> [Work item]: Every record below must be written out exactly. Leave out the pictures.

> [Record extracts]:
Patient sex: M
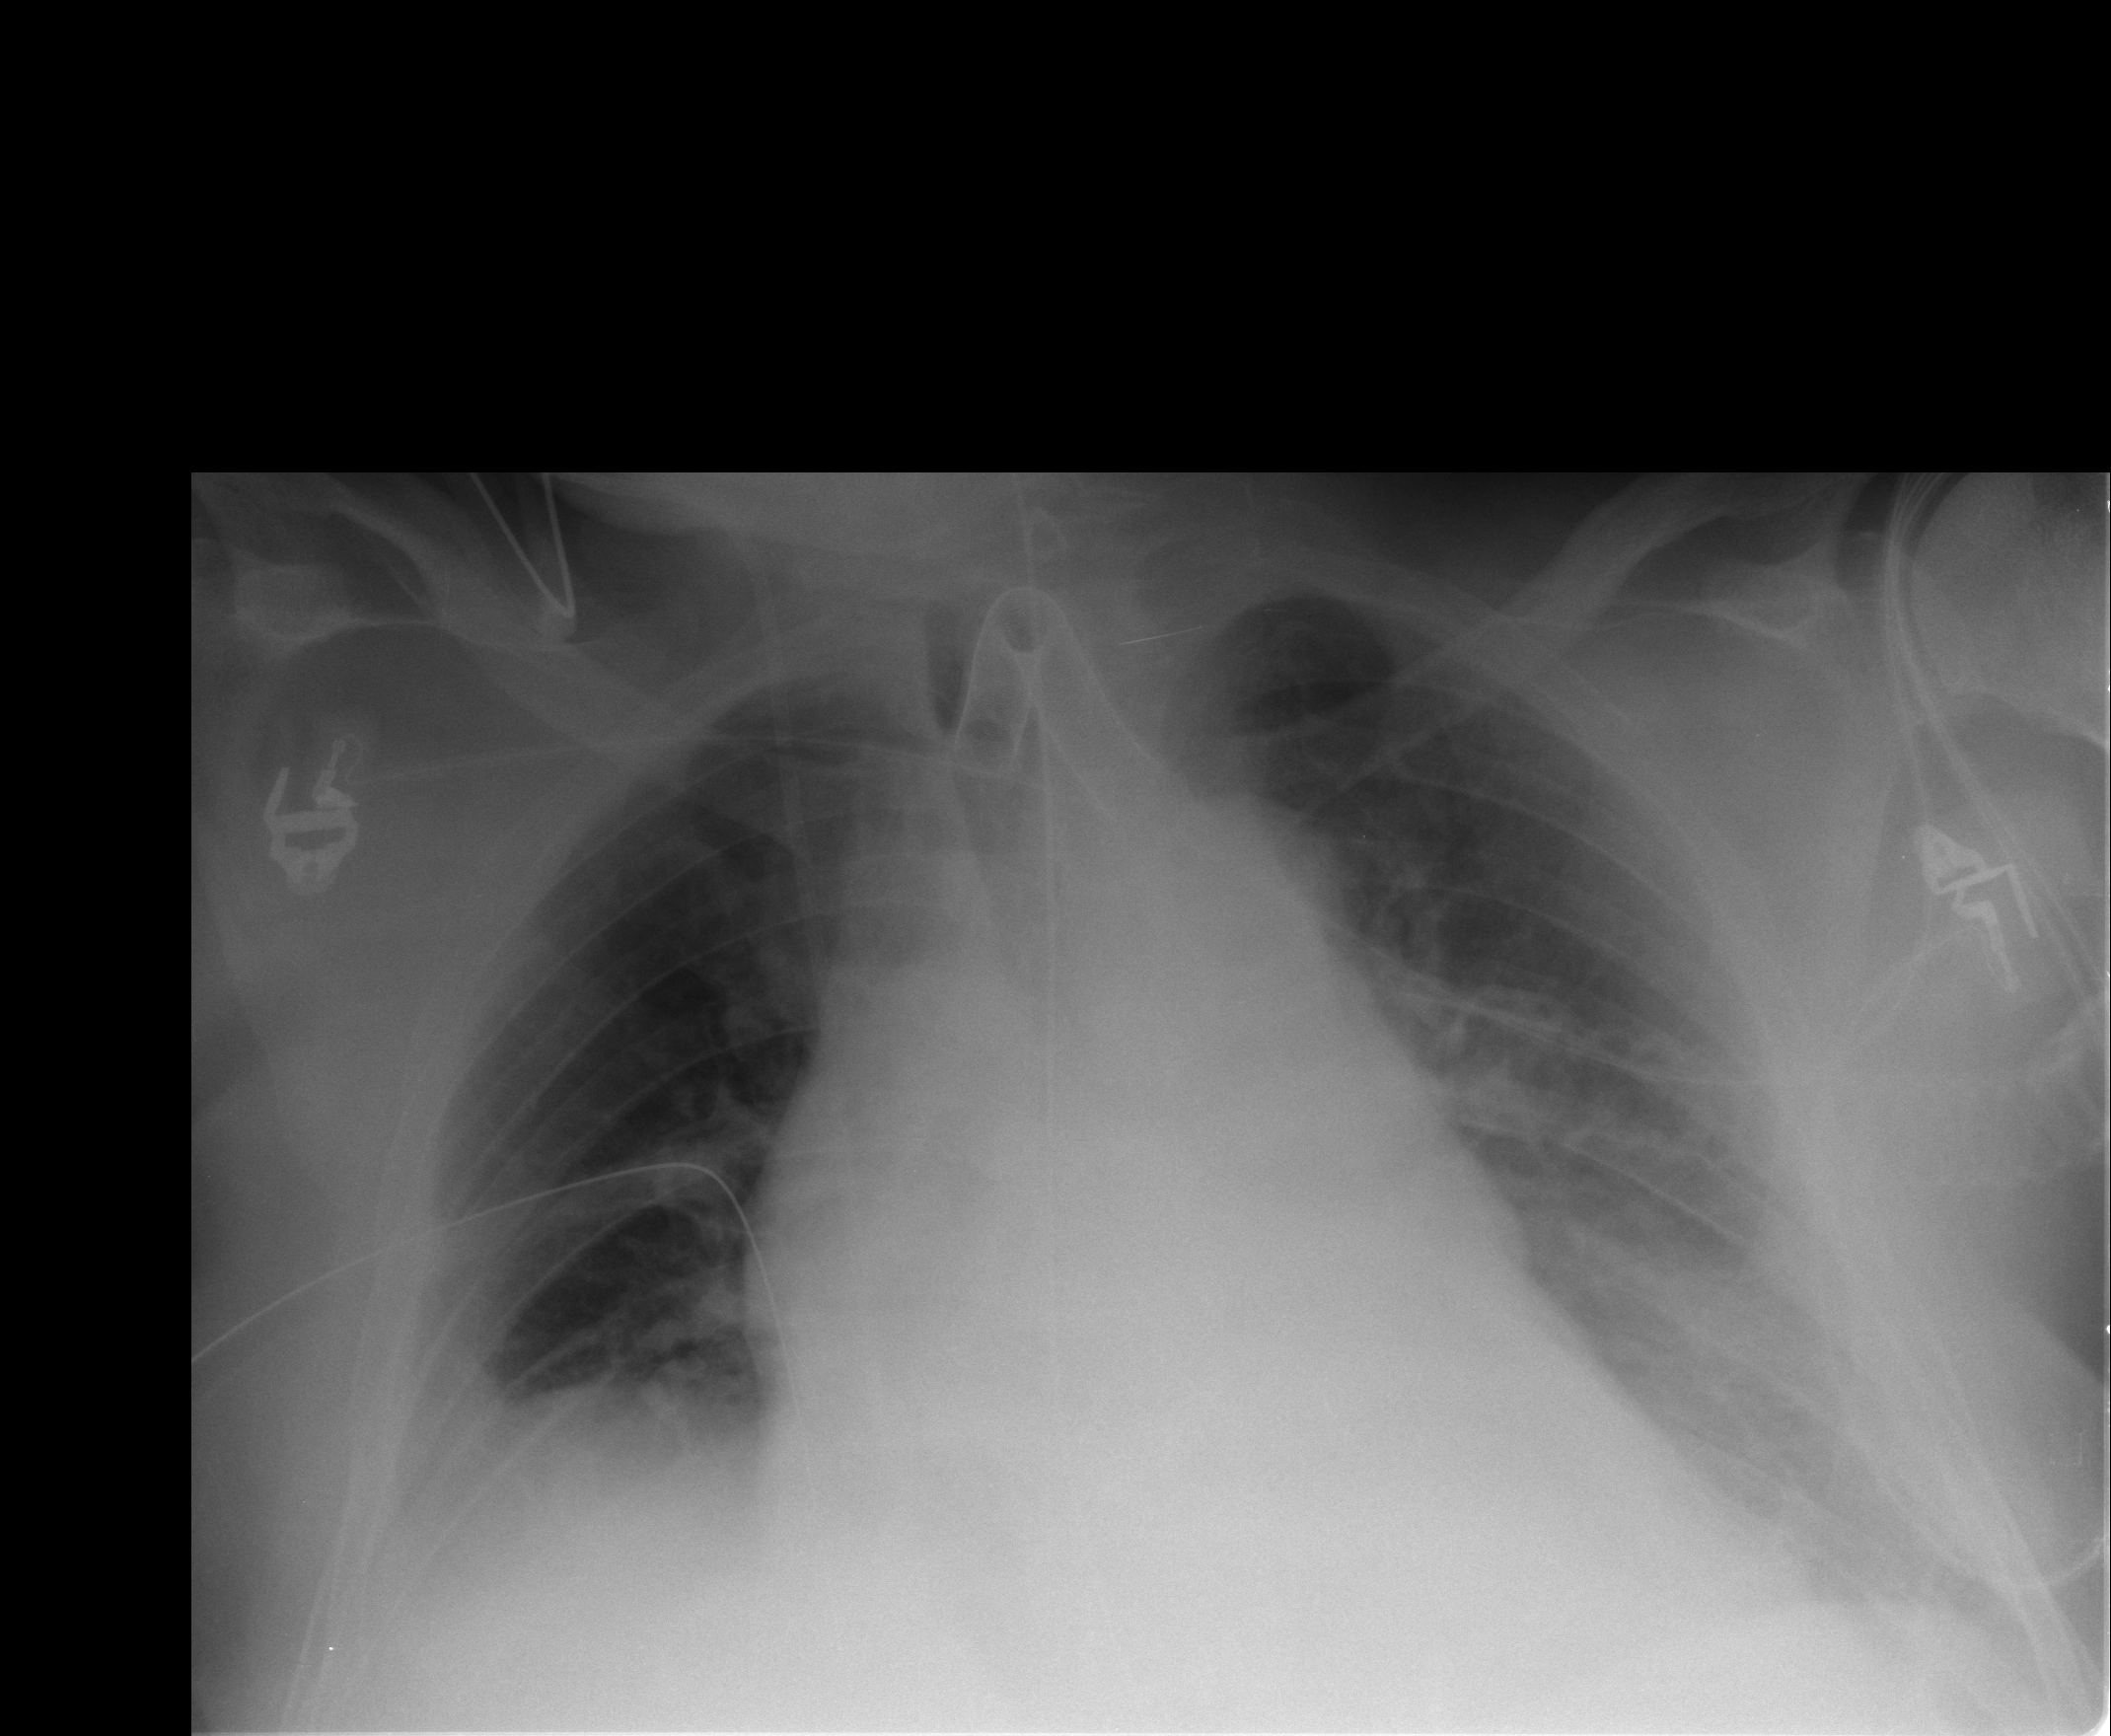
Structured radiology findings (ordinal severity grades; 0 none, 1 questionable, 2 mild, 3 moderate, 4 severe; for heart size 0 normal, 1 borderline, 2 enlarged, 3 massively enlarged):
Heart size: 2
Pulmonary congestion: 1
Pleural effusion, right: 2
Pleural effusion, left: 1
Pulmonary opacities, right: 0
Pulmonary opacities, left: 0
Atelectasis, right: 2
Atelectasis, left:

> [Response to the exercise]:
Patient sex: M
Structured radiology findings (ordinal severity grades; 0 none, 1 questionable, 2 mild, 3 moderate, 4 severe; for heart size 0 normal, 1 borderline, 2 enlarged, 3 massively enlarged):
Heart size: 2
Pulmonary congestion: 1
Pleural effusion, right: 2
Pleural effusion, left: 1
Pulmonary opacities, right: 0
Pulmonary opacities, left: 0
Atelectasis, right: 2
Atelectasis, left:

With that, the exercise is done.